En el actual escenario financiero, «invertir en un plazo fijo tradicional sigue siendo una de las alternativas más utilizadas por los argentinos que buscan resguardar sus ahorros sin asumir riesgos elevados».
A diferencia de las opciones atadas a los vaivenes bursátiles, «esta herramienta ofrece una rentabilidad conocida de antemano, lo que brinda mayor tranquilidad y previsibilidad a quienes priorizan la seguridad de su dinero».
Para el pequeño ahorrista, apostar por este instrumento presenta un beneficio clave en la gestión de su capital. «Para quienes decidan depositar $700.000 en un plazo fijo a 30 días, una de las principales ventajas es la posibilidad de conocer desde el inicio cuánto rendimiento obtendrán al vencimiento», un factor que «permite organizar mejor las finanzas personales y planificar gastos futuros sin depender de variaciones inesperadas en las condiciones del mercado».
A esta previsibilidad se le suma la agilidad operativa, otro de los pilares que sostiene la vigencia de estos depósitos. «Otro de los aspectos que explica la popularidad de esta inversión es su simplicidad. Actualmente, la constitución de un plazo fijo puede realizarse de manera rápida y totalmente online a través del home banking o de las aplicaciones bancarias, sin necesidad de acudir a una sucursal», permitiendo que los usuarios logren «poner a trabajar su capital en pocos minutos y desde cualquier lugar».
La brecha digital: rendimientos según el canal de operación
El análisis de las pizarras bancarias para un capital de $700.000 evidencia que la modalidad de contratación es determinante en la ganancia final. El uso de la tecnología no solo aporta comodidad, sino también una rentabilidad notablemente superior.

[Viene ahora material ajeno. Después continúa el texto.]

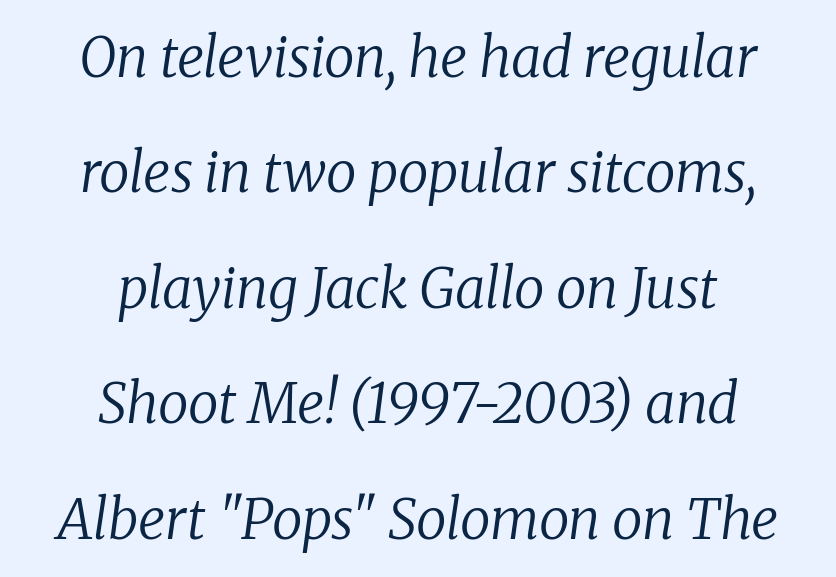
The string is rendered with underlining switched off. Do the characters align in a grid? No, the font is proportional. Does the lettering tilt? It does — this is italic. Each word holds together tightly as a unit, with standard inter-letter gaps. Counters stay open thanks to moderate or lighter strokes. The rendering uses a large line-height, opening up the rows.
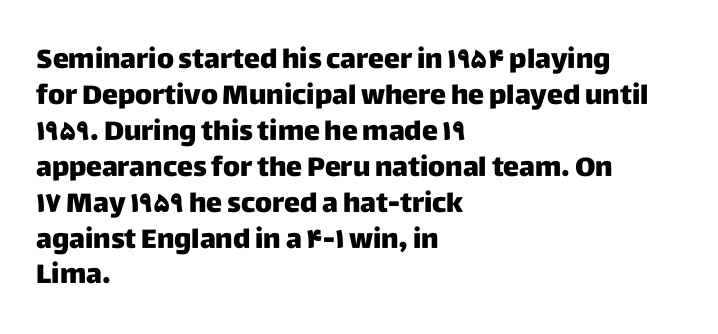
The image shows 27 px text type, upright; set left-aligned, normal line spacing (1.33x), normal letter spacing, not underlined.
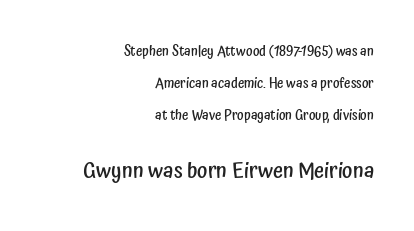
Visually, the bottom section dominates because its glyphs are scaled up. The setting favours the right margin, as signatures and pull-quotes sometimes do. A clean baseline with only descenders dipping below it. The strokes are fattened partway — semibold, not bold.

| Modalidad de trámite | Tasa Nominal Anual (TNA) | Tasa Efectiva Anual (TEA) | Intereses ganados (30 días) | Monto total al vencimiento |
| Presencial (en sucursal) | 15,50% | 16,65% | $8.917,81 | $708.917,81 |
| Digital (Home Banking / App) | 19,00% | 20,75% | $10.931,51 | $710.931,51 |
De esta manera, el canal electrónico se consolida como la opción más eficiente para mitigar la pérdida de valor adquisitivo, ofreciendo una diferencia de más de dos mil pesos en el mes para el mismo capital de origen.

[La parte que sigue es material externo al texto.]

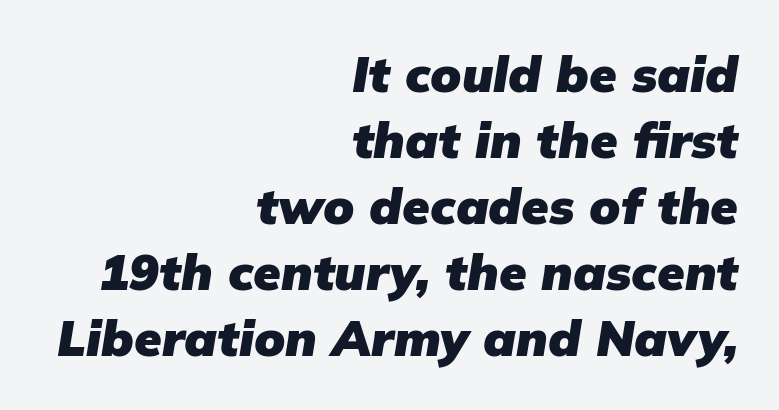
Compared with a flush-left layout, this one pins lines to the opposite, right side. Default kerning and tracking; the words read as compact shapes. Quick note: underline off. Yep, that's italic — everything's leaning. Think of a printed novel: that variable character pitch is what you see here.

El desafío frente a la inflación y el poder de compra
Pese a su masividad, los depósitos tradicionales de renta fija se encuentran en una encrucijada debido a la fuerte reducción de las tasas dispuesta por el sistema financiero. En la actualidad, los bancos comerciales ofrecen rendimientos que oscilan entre el 15% y el 19,5% de TNA, equivalentes a un rendimiento mensual de apenas entre el 1,2% y el 1,6%. Por este motivo, su atractivo ha mermado frente a otros activos.
En la vereda de enfrente, el Índice de Precios al Consumidor (IPC) muestra una trayectoria a la baja, pero todavía corre con ventaja frente a las tasas bancarias. Con proyecciones de inflación mensual que se ubican entre el 2,1% y el 2,5%, el rendimiento real de los plazos fijos tradicionales se mantiene en terreno negativo.
En consecuencia, esta coyuntura obliga a los inversores a mantenerse en alerta: «Esta estrategia también requiere monitorear de manera permanente la evolución del mercado y mantenerse atento a los cambios en el contexto económico». Si bien alternativas como el plazo fijo UVA o los fondos comunes de inversión ganan terreno en el debate, para quienes buscan liquidez inmediata y riesgo nulo en el corto plazo, la opción tradicional sigue siendo el refugio por excelencia.